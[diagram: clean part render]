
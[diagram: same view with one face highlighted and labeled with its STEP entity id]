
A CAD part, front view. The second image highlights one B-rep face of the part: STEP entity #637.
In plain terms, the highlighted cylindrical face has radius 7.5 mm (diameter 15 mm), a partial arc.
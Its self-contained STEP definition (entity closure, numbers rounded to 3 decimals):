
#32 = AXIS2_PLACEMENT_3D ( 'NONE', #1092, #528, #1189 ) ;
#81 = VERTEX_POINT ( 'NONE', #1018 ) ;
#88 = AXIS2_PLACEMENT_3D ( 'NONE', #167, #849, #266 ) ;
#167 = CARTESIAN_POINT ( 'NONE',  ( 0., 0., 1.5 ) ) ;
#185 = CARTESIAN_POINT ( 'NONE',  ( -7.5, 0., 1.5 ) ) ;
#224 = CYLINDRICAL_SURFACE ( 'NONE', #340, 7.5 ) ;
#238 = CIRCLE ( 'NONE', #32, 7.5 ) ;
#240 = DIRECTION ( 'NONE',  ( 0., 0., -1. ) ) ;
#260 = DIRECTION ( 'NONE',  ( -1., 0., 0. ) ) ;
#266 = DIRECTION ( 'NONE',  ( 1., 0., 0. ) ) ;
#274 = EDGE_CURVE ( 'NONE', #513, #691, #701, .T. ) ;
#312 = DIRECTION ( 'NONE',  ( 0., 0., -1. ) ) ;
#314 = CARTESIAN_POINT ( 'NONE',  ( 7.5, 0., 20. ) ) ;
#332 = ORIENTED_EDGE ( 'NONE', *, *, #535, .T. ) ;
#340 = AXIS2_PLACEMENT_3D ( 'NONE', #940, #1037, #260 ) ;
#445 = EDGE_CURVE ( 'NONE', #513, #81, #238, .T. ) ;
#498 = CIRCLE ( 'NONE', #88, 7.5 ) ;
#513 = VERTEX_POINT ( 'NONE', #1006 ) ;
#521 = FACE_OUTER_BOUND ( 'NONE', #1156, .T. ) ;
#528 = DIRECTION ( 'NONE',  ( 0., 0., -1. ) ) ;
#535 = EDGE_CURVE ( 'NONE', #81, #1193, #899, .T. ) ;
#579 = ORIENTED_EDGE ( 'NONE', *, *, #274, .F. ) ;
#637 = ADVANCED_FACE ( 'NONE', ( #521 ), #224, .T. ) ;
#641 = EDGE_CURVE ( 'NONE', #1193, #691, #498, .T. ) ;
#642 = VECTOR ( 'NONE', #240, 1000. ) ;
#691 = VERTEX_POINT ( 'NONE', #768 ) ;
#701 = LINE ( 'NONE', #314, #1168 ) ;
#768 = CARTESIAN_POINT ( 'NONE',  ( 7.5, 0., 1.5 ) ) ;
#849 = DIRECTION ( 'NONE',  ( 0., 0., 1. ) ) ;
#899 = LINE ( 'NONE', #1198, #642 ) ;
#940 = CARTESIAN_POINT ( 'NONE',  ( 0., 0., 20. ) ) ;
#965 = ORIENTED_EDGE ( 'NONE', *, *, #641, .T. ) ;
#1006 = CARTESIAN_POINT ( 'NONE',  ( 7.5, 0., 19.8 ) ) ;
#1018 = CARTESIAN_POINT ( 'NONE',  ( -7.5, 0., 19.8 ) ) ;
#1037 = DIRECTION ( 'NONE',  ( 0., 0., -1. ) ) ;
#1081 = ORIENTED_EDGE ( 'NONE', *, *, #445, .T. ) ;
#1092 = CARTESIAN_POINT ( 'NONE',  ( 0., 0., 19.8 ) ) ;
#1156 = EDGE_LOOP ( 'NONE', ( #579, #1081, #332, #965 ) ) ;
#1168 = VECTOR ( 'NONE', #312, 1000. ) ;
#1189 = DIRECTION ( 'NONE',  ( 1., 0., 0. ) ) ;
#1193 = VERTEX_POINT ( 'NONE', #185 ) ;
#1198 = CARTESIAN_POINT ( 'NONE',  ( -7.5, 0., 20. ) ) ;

======

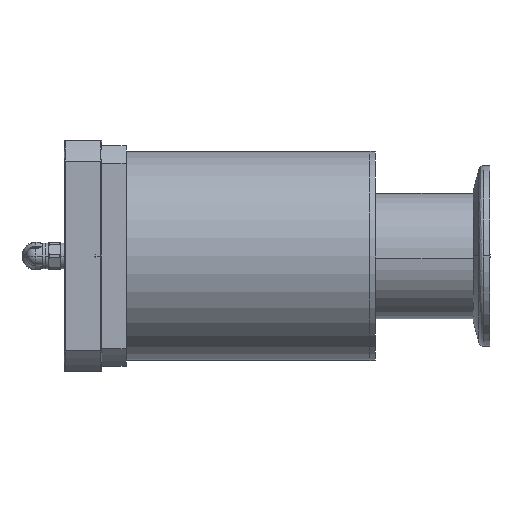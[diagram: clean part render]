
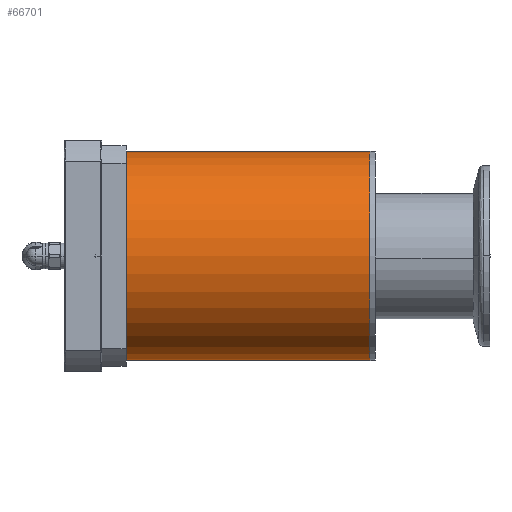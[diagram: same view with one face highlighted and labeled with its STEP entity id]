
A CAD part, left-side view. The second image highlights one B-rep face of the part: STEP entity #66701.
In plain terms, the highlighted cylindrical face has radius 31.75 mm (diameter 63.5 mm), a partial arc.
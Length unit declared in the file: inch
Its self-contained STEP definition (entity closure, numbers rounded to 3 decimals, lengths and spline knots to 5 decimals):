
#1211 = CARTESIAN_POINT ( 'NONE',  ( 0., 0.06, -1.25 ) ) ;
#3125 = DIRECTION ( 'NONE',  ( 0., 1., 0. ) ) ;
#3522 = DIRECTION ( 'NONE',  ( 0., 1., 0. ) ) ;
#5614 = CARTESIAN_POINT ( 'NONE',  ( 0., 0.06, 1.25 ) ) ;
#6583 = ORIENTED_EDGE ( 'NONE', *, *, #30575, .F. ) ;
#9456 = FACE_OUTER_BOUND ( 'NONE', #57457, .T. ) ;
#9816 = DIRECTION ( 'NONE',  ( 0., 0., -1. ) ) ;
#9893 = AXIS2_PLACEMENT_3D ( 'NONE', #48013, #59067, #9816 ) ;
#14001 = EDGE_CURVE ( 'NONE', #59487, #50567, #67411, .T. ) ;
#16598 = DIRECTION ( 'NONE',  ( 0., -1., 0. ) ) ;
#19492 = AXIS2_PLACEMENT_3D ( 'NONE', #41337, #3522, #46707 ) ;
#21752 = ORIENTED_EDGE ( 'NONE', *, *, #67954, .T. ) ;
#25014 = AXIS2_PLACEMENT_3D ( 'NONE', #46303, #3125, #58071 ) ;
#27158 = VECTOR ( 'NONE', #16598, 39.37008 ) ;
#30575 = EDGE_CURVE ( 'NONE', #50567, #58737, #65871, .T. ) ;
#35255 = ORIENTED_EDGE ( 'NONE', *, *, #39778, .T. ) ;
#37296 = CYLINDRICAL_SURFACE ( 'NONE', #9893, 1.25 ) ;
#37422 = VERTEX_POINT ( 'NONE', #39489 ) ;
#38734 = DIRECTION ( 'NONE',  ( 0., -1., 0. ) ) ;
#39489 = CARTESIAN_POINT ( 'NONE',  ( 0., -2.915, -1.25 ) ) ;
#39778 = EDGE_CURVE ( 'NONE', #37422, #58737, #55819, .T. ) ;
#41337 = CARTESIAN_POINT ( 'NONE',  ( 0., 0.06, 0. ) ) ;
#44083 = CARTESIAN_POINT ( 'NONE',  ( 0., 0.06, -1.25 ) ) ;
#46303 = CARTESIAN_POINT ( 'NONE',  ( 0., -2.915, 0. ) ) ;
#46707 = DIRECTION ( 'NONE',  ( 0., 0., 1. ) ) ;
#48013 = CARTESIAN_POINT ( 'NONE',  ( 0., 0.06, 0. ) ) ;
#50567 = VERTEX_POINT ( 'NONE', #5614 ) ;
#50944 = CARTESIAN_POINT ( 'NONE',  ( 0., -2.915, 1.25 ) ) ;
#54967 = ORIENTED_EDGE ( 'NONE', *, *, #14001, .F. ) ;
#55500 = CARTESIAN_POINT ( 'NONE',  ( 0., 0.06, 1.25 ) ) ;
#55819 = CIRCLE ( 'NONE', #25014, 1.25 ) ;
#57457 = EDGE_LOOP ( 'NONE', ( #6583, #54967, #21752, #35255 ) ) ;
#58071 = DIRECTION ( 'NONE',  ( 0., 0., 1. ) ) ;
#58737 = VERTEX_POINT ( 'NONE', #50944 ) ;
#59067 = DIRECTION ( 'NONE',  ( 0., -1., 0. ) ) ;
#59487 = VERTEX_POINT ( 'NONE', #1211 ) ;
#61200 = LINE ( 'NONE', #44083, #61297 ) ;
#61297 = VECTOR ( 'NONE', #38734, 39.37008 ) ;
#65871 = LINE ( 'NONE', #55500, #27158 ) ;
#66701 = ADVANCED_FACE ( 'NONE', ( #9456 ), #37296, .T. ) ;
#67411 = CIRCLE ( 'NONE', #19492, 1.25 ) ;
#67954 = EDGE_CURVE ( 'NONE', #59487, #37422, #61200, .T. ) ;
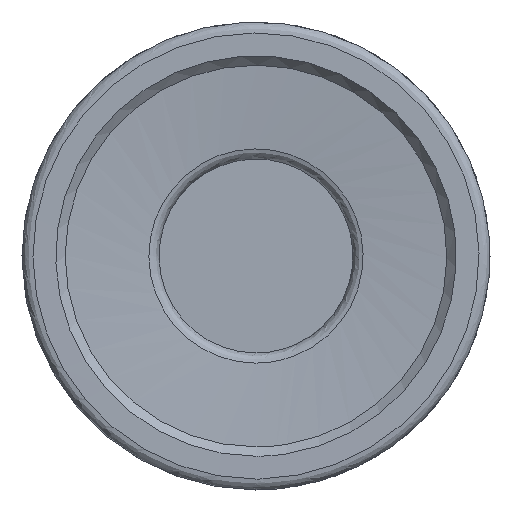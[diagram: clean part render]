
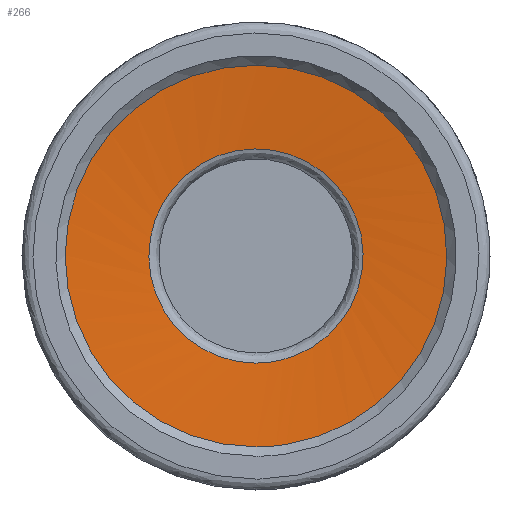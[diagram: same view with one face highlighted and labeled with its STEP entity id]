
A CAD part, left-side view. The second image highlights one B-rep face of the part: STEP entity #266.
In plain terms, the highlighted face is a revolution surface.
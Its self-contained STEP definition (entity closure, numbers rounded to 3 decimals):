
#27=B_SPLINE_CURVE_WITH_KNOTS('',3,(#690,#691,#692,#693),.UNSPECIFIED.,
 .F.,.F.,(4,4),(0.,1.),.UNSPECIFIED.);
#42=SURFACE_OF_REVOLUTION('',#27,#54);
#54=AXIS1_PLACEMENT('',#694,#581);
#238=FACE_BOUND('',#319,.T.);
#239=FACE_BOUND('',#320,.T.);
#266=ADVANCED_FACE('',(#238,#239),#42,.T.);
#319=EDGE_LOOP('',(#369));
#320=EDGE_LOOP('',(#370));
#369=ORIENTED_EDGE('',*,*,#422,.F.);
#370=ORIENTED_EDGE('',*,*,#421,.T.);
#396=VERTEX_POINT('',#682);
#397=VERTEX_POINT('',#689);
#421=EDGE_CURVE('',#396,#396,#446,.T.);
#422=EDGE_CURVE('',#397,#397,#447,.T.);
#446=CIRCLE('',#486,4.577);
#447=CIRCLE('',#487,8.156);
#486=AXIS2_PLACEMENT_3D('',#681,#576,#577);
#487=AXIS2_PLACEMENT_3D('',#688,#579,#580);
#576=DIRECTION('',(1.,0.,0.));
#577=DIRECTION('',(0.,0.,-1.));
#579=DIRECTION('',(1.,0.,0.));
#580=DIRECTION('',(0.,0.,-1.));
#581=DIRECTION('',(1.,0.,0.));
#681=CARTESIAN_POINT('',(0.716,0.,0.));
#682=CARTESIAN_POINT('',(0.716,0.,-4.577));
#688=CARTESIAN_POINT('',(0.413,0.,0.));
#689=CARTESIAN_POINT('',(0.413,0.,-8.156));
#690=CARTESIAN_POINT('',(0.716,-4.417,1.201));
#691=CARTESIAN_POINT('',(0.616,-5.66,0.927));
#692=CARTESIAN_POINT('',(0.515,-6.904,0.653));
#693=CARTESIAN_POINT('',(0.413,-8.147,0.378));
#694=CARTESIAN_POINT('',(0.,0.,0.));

======

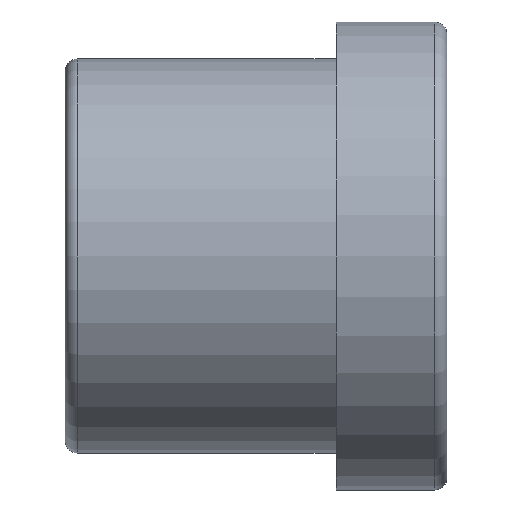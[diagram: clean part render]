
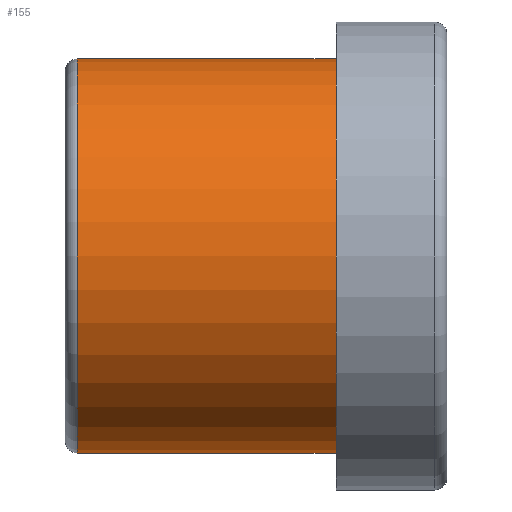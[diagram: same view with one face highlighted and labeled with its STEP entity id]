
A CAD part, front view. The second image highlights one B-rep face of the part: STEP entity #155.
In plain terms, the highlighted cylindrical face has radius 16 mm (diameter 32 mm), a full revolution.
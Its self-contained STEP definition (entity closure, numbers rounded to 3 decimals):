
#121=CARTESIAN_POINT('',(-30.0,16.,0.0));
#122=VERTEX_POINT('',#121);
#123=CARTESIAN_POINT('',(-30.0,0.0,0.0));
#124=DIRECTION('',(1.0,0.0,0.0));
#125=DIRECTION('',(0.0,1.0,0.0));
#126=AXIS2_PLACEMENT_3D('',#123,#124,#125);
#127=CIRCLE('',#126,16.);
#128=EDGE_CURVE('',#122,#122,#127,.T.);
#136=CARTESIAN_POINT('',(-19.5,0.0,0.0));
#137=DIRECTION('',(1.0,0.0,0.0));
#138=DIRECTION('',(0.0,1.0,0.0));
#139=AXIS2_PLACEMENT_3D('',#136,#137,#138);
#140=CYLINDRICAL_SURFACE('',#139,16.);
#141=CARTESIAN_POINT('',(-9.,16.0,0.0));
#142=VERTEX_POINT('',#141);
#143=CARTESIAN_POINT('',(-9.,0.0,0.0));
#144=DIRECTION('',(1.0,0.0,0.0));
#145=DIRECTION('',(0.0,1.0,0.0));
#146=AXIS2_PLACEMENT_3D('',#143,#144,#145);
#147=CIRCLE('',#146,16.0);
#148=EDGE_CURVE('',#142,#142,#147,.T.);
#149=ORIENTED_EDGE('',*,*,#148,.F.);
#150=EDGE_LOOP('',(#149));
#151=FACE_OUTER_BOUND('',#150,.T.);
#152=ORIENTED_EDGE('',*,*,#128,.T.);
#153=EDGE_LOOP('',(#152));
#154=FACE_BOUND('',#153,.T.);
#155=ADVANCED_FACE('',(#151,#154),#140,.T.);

======

# [What the task requires]
Your answer must be a single number: the count of lines in the records that include "UNSPECIFIED".

# [Exercise response]
2